Whitney Phillips, an assistant professor in the department of communication and rhetorical studies at Syracuse University and an author on polluted information, says that all of this is making our brains go haywire.

With the U.S. election ginning up misleading information and the nonstop political discussions online wearing many of us out, I spoke to her about how we can individually and collectively fight back. Here are edited excerpts from our discussion:

You’ve written that angry conversations online and misleading information essentially short circuits our brains. How?
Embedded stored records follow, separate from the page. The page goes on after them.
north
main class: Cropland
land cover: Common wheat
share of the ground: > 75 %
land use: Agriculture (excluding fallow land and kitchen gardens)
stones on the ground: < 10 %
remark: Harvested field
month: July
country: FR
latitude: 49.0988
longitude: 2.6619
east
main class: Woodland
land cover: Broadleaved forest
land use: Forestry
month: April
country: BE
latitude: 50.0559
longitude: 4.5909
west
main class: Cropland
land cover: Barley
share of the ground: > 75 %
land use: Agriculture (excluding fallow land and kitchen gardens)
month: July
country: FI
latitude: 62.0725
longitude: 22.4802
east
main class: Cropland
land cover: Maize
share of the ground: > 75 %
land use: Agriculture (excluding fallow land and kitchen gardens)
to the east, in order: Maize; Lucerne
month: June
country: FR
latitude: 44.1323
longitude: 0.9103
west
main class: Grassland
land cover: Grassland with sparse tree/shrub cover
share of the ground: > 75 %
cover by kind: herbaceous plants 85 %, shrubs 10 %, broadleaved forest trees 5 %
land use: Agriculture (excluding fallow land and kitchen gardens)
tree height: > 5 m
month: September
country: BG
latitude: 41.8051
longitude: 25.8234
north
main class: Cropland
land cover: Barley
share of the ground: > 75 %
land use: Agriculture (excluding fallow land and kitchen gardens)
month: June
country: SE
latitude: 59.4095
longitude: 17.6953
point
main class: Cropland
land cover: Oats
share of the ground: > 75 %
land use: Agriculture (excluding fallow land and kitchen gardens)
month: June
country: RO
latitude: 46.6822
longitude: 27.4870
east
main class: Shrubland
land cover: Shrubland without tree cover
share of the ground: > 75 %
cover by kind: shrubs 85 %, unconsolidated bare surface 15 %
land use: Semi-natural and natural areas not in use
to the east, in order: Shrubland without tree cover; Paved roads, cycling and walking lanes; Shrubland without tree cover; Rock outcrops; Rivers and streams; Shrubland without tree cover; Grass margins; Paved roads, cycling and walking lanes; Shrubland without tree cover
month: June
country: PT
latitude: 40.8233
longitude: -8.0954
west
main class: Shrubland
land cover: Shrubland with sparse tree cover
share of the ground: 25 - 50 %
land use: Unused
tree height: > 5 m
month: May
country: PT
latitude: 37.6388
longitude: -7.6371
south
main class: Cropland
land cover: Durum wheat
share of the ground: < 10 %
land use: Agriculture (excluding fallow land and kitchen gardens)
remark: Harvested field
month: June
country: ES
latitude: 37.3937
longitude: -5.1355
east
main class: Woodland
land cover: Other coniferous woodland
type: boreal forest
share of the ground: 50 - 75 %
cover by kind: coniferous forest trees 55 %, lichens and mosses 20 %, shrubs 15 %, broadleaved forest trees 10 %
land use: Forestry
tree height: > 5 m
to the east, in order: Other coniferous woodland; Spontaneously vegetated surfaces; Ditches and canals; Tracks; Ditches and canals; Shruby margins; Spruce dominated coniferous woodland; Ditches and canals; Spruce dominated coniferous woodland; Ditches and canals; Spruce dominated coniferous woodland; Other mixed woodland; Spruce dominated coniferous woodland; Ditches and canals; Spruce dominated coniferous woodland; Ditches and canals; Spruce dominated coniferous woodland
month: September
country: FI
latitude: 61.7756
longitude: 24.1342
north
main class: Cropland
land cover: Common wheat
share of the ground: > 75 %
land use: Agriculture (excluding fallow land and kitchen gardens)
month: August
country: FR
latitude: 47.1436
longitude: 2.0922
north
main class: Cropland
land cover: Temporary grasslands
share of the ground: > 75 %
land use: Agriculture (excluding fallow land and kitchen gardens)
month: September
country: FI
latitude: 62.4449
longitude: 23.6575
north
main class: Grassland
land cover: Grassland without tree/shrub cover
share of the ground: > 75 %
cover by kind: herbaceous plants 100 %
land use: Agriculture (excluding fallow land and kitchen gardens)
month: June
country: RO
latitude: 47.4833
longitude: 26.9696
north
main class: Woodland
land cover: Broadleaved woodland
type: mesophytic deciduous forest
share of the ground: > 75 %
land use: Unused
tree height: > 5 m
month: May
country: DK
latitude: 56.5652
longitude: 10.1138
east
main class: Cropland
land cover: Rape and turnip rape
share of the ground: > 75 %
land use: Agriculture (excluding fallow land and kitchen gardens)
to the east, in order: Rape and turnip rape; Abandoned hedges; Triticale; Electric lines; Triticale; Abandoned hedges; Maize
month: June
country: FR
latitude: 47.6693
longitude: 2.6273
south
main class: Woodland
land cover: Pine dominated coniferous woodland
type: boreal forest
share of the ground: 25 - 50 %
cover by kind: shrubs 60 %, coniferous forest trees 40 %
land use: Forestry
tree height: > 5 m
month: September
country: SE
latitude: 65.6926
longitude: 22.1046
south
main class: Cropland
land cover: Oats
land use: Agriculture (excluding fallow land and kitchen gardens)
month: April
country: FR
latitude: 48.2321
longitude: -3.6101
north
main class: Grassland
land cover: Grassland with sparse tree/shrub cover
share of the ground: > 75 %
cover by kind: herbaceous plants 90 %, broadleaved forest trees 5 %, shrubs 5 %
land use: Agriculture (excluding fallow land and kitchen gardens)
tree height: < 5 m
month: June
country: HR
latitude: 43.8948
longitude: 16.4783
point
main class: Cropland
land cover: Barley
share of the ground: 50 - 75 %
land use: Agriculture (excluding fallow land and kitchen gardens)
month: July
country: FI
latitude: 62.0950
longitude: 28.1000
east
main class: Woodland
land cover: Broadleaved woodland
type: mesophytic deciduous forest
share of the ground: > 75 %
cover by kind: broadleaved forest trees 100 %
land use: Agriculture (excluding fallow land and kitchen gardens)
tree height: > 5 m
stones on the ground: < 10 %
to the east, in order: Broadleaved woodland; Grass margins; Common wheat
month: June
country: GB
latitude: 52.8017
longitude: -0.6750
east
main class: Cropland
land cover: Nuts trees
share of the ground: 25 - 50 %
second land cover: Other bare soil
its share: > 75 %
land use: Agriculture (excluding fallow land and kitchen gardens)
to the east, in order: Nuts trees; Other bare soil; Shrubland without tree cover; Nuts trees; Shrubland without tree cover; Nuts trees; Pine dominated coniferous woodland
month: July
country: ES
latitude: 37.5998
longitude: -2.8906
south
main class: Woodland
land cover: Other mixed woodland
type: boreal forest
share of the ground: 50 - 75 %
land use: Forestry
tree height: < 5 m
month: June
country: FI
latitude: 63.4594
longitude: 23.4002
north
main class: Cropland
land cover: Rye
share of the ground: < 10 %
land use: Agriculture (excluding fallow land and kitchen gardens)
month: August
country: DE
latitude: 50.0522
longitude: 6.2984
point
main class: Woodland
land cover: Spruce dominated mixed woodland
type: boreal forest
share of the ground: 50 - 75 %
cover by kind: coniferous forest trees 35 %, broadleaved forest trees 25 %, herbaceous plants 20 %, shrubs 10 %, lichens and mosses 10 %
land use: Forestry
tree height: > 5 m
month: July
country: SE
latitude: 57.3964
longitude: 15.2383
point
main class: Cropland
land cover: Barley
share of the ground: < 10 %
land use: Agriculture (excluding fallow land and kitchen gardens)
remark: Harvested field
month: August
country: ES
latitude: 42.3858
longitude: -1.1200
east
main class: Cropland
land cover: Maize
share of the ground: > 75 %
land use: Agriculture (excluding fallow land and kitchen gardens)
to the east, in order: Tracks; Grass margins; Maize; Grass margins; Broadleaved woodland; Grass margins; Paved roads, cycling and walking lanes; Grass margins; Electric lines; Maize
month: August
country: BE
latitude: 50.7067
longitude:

When our brains are overloaded, and we’re confronted constantly with upsetting or confusing information, it sends us into a state in which we’re less capable of processing information. We say things we probably shouldn’t. People get retweet happy. It’s not productive, even when people have good intentions and think they’re helping.

How do we stop that process?

I’ve been researching how mindfulness meditation processes can help us navigate this information hellscape. When you see or read something that triggers that emotional reaction, take a moment to breathe and try to establish some emotional space. It doesn’t mean you shouldn’t say the critical thing you’re thinking, but you should first reflect on the most constructive thing to do next.

But we don’t tend to think that we’re the ones acting irresponsibly or irrationally. We think the people who disagree with us are irrational and irresponsible.

Most people think if they’re not setting out to do damage or don’t have hate in their hearts, then they don’t have to consider what they do. But even if we aren’t vicious ourselves, we’re still fundamentally a part of what information spreads and how.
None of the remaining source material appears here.